2.3 is the hollow chamber (purification section) in which the ultrafiltration filter and all auxiliary filters are installed (purification section) 1! - Show. The ultrap-filter and auxiliary filter installation chamber 2.3 is provided with connecting portions 82 to B5 to which tubes for separating the ribosome dispersion and/or for inlet/output of inert gas are connected. 5 is a pressurized syringe (liquid feeding mechanism), 6.
7 is a constant temperature water circulation part for temperature control (temperature control mechanism), 8 is a motor for driving a homogenizer, and 9 is a sharp knife of the homogenizer.

The rotating shaft of the homogenizer is hollow, and a tube 10 for separating the ribosome dispersion liquid is inserted into the inert gas and liquid material injection chamber. In addition.

Bl is the tube connection for inert gas inlet/output and liquid transfer, Wl~W4 is the connection to the constant temperature device, 86.87 is for inert gas and liquid material injection or ribosome dispersion. This is the preparative tube connection.

Ribosomes were produced using the apparatus configured as described above at 45° C. under a nitrogen gas atmosphere as follows.

First, 5.0 g of monoolein as a ribosome preparation substance.
Egg yolk lecithin 5- Og w phosphatidylserine 3
．． Og, dicetyl phosphate o, 5g? Cholestero-Iv2. Og+ and α-tocophero-/L'0.5
g was added to the reaction tank (4) and thoroughly stirred with a homogenizer (9) while bubbling N2 gas from B6.
An oily liquid of uniform consistency was obtained.

Next, add 0 to this oily liquid, which had been prepared in advance at 45°C.
, 28M glucone-containing physiological saline solution (PH7.0
), add from 3mj'iB7 and stir at low speed for 10 minutes and at high speed for 5 minutes.
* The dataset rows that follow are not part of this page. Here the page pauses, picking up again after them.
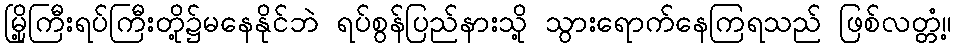
မြို့ကြီးရပ်ကြီးတို့၌မနေနိုင်ဘဲ ရပ်စွန်ပြည်နားသို့ သွားရောက်နေကြရသည် ဖြစ်လတ္တံ့။
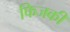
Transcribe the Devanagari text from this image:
फिजकी
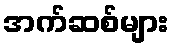
အက်ဆစ်များ
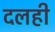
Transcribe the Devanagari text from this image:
दलही
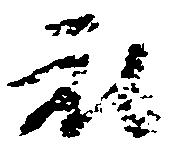
乱
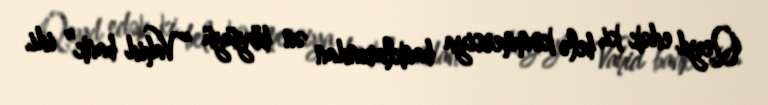
Qeyd edək ki, belə kommersiya banklarından ən böyüyü “Vahid bank” idi.
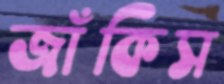
জাঁকিস
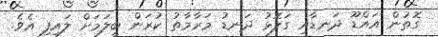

In this state, 87 to 200 mJ of glucose-free physiological saline was gradually added and the mixture was stirred at high speed for 5 minutes to obtain a suspension of ribosomes that retained all of the glucose.

This suspension can be collected directly from B6, but if it is passed through a polycarbonate ultrap filter 3.2 in order to remove excess oily components and incomplete ribosome QBI and to make the particle size uniform. , Add the physiological saline from B7 and apply pressure with the movable part '5 while washing, and separate the ribosome suspension from iB4 or B2. It has a granular shape and does not aggregate in physiological saline.
It had a high glucose retention rate of 0.5%.

In addition, in the above explanation, a pressurized syringe was explained as the liquid feeding mechanism, but the present invention is not limited to this.9
For example, ribosomes may be washed by connecting a suction device to B1 and adding a washing liquid from B7.

(Toff effect) According to the present invention, excess oily components or incomplete ribosomes and micelles after ribosome production can be easily removed.

It is possible to perform the operations from preparation of ribosomes to fractionation of a dispersion liquid continuously in an aseptic manner.

[Brief explanation of the drawing]

FIG. 1 is a schematic diagram of a ribosome manufacturing device according to the present invention,
FIG. 2 shows a conventional device. 2.3: Ultrafiltration filter and auxiliary filter installation chamber 4: Reaction tank 5: 21 IO pressure syringe 6.7: Temperature control mechanism

Claims (1)

[Claims] 1. A reaction tank containing a ribosome-preparing substance, an injection section for injecting an inert gas and a liquid material into the reaction tank, and a stirring mechanism for stirring the ribosome-preparing substance contained in the reaction tank. and a purification section for purifying the ribosome suspension produced in the reaction tank, a liquid feeding mechanism for sending the ribosome suspension to the purification section, and a temperature control mechanism for controlling the reaction tank at an optimum temperature. A ribosome manufacturing device characterized by: 2. The ribosome manufacturing device according to claim 1, wherein the stirring mechanism comprises a homogenizer or a mixer. 3. The ribosome manufacturing device according to claim 1, wherein the purification section comprises a hollow chamber in which an ultrafiltration filter and an auxiliary filter are installed. 4. The ribosome manufacturing device according to claim 1, wherein the liquid feeding mechanism is a pressurized syringe.